Cover

Adam Peterson

If anyone asks, we're bakers. 

That explains why we wear these white hats. Why flour spills from our pockets. Why we're carrying little plastic brides and grooms. You know, for cakes. Which we make. Because we're bakers.

Once we carried garrotes, our pockets hid knives, our hats were black. Like any cover, it's ill-fitting until we commit. So, go on, burn your fingers. Dab your neck with vanilla extract. Give a cupcake to a child to stop his crying. 

You don't have to forget who you are. You only have to never, ever let anyone else know. 

And how different is that, really, from the way everyone lives?

You can be yourself when you're alone. Stir batter with a rifle butt. Throw star-shaped cookies instead of shurikens. Practice piping rosettes instead of kneecaps.

All we have to do is exist and get the Johnsons' anniversary cake ready for Sunday. At least until we hear the codeword.

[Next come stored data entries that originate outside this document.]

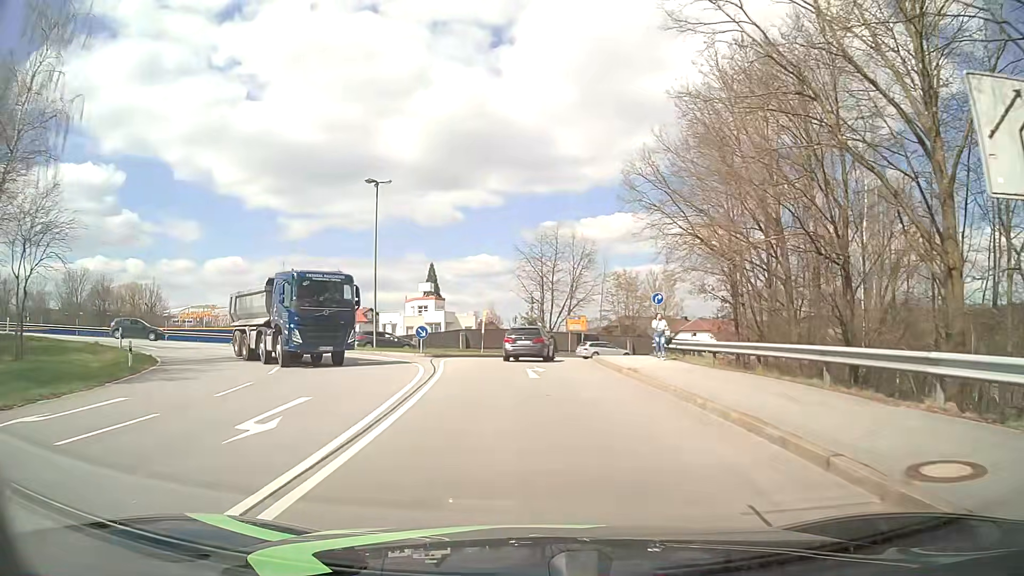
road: primary_link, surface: asphalt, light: Day
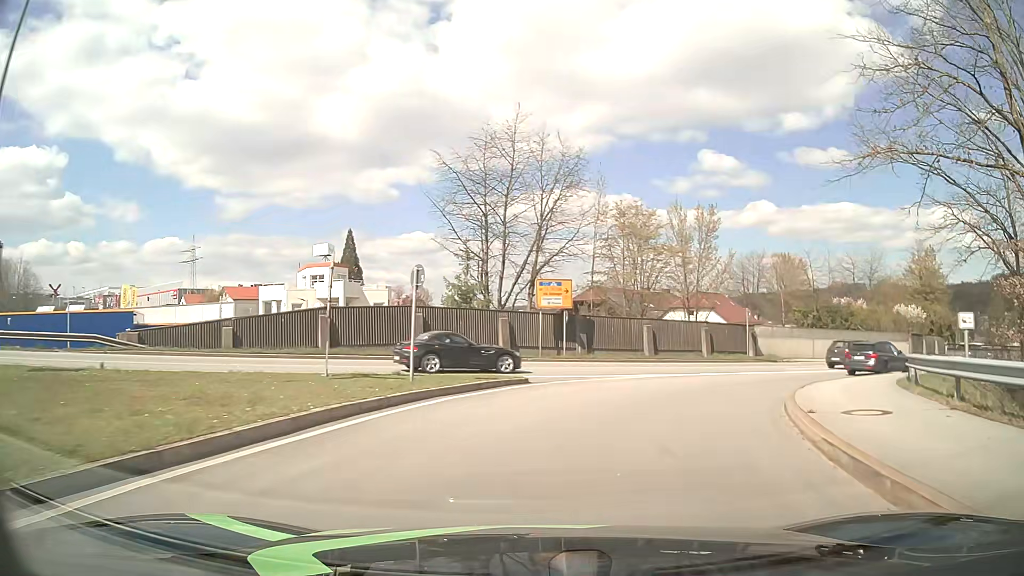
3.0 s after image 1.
(-0.4, +29.1) m; +4°
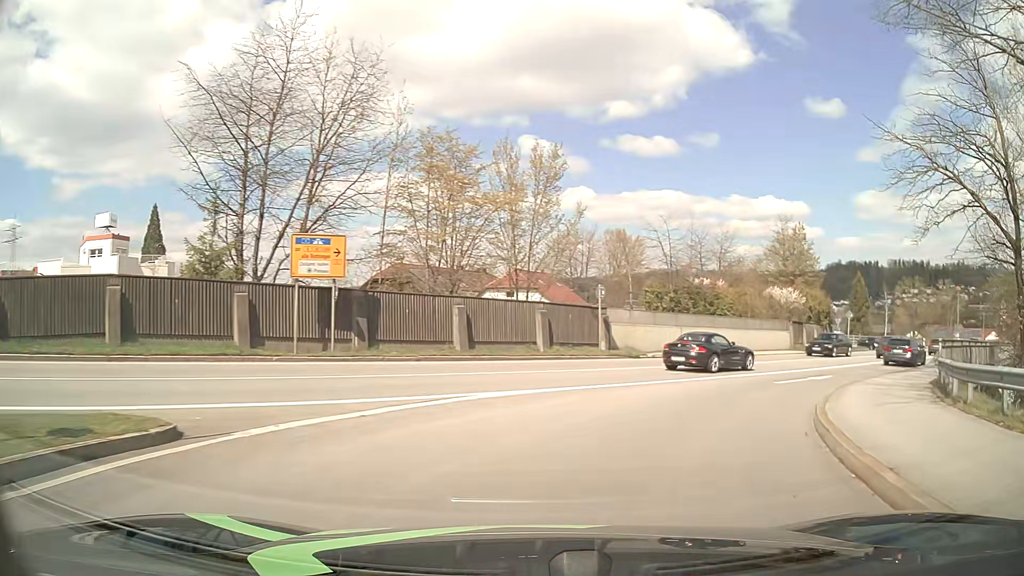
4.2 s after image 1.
(+1.3, +10.6) m; +15°
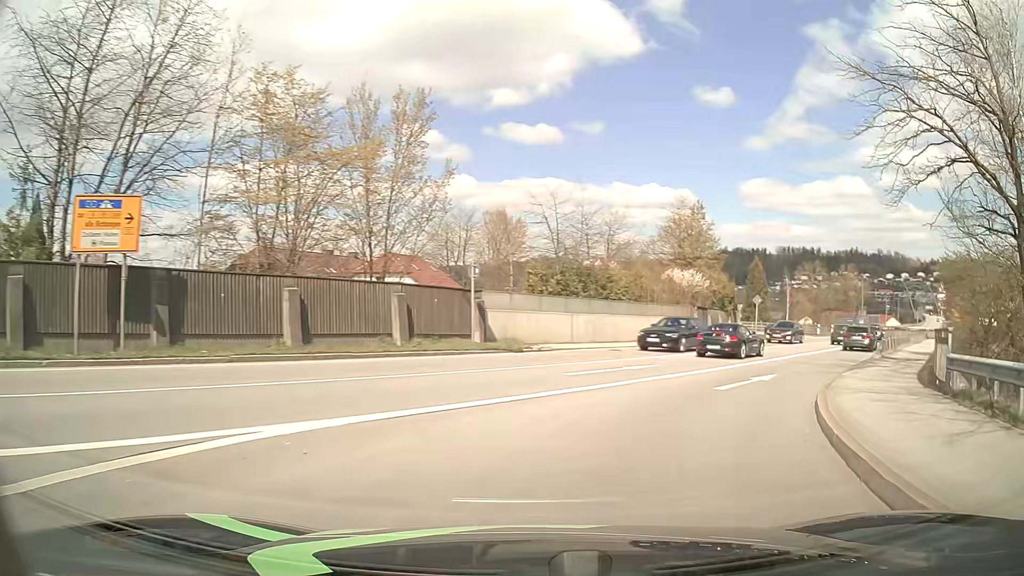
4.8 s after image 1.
(+0.6, +5.5) m; +11°
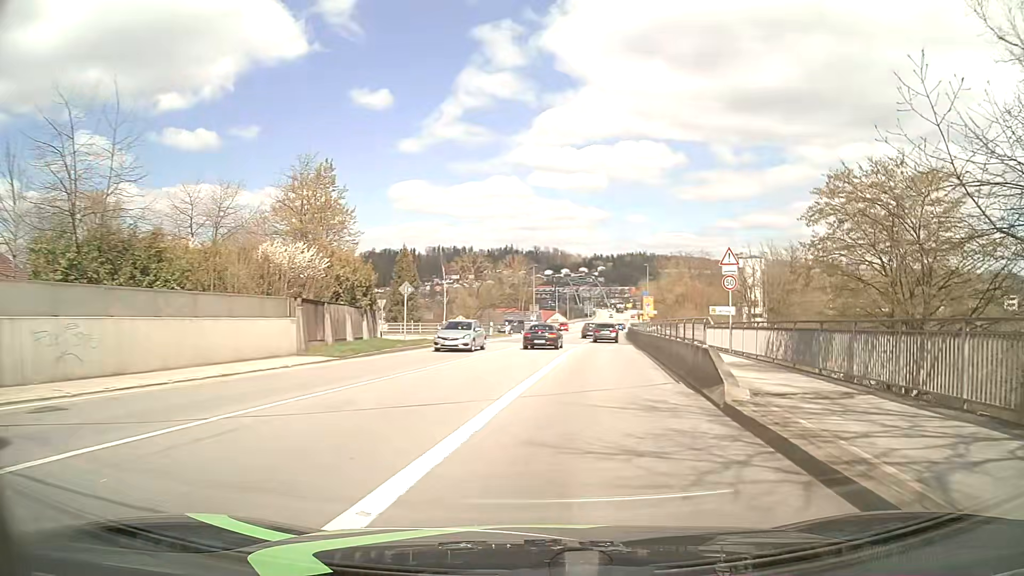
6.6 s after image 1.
(+4.9, +16.9) m; +31°
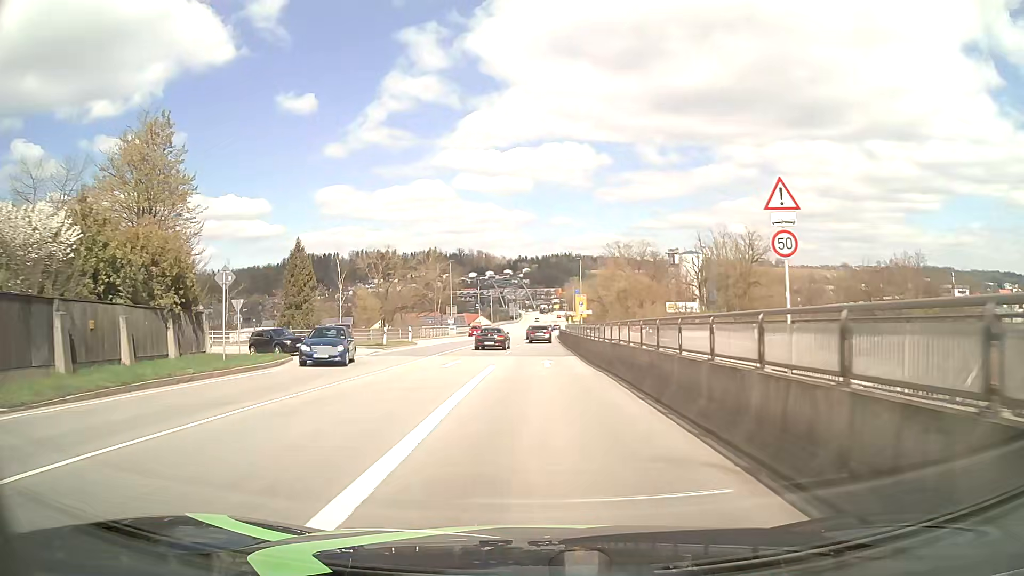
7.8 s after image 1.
(+1.0, +13.4) m; +7°
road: primary
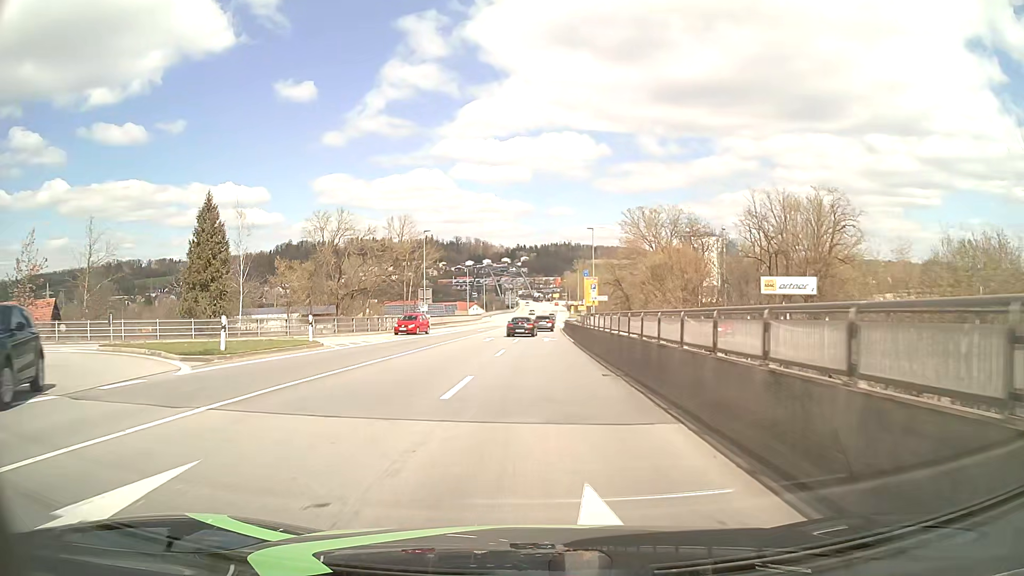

Not the codeword that gives 20% off a dozen arlettes. That's written by the register and expires on the 22nd, though, as friendly bakers—a thing we are, definitely—you'll be expected to honor it with good humor on the 23rd.

No, the codeword we await is the one that sets us free. Back to a life where things are stabbed not sliced, where anything red is blood not cherry, where we sculpt out of plastique not marzipan.

But until then we must only survive. And turn a profit. Margins are slim, and I'm afraid we'll have to downgrade our eggs. Yes, you may want AA but we operate in a B neighborhood and the bottom line is now our boss. 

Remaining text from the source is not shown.